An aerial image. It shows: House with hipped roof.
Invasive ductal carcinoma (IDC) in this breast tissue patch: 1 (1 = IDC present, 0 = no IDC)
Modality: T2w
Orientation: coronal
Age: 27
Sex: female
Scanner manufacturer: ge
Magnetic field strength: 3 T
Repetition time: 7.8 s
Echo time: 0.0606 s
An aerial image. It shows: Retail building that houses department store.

___

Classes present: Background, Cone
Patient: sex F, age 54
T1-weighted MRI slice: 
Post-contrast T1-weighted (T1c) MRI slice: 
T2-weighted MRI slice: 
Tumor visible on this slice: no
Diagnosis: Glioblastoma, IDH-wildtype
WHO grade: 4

___

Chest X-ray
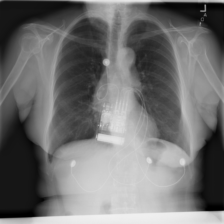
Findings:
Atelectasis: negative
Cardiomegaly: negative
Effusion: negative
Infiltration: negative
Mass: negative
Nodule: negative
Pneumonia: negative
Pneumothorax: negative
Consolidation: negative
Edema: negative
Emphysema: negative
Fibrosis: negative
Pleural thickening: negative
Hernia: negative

___

> Description of the task
Going back to the entries above, set down exactly the lines that begin at the one with "Mass: negative" and end at the one with "Hernia: negative", both included, and nothing else.

> Completed task
Mass: negative
Nodule: negative
Pneumonia: negative
Pneumothorax: negative
Consolidation: negative
Edema: negative
Emphysema: negative
Fibrosis: negative
Pleural thickening: negative
Hernia: negative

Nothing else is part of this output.